DATA SHOWN below:
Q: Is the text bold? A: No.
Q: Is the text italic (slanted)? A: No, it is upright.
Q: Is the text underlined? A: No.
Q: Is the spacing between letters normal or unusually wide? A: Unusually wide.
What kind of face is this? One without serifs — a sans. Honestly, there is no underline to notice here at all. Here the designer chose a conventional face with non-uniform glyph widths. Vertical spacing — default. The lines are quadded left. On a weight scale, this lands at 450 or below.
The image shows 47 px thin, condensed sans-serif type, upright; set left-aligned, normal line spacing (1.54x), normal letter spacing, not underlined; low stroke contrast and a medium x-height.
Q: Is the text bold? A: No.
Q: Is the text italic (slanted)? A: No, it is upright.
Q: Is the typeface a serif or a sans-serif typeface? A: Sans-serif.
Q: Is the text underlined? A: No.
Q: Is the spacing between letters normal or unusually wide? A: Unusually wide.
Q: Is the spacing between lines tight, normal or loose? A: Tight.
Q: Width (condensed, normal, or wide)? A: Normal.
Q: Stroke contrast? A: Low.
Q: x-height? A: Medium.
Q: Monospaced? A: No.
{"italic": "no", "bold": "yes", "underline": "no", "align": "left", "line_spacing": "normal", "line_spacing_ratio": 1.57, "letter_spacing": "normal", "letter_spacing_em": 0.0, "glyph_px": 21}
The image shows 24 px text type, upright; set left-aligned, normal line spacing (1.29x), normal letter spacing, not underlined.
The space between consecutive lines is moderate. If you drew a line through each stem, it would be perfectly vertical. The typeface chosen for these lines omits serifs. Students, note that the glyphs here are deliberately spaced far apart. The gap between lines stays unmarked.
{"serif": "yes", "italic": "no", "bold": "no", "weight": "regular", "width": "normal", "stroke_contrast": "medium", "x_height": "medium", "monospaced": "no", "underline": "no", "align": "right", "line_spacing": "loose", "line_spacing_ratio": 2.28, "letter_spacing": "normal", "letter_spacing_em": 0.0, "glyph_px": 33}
End of DATA SHOWN.
◆ **TO DO**
Would you copy every line of the entries that includes the word "bold"?

◆ **PROBLEM SOLUTION**
Q: Is the text bold? A: No.
Q: Is the text bold? A: No.
{"italic": "no", "bold": "yes", "underline": "no", "align": "left", "line_spacing": "normal", "line_spacing_ratio": 1.57, "letter_spacing": "normal", "letter_spacing_em": 0.0, "glyph_px": 21}
{"serif": "yes", "italic": "no", "bold": "no", "weight": "regular", "width": "normal", "stroke_contrast": "medium", "x_height": "medium", "monospaced": "no", "underline": "no", "align": "right", "line_spacing": "loose", "line_spacing_ratio": 2.28, "letter_spacing": "normal", "letter_spacing_em": 0.0, "glyph_px": 33}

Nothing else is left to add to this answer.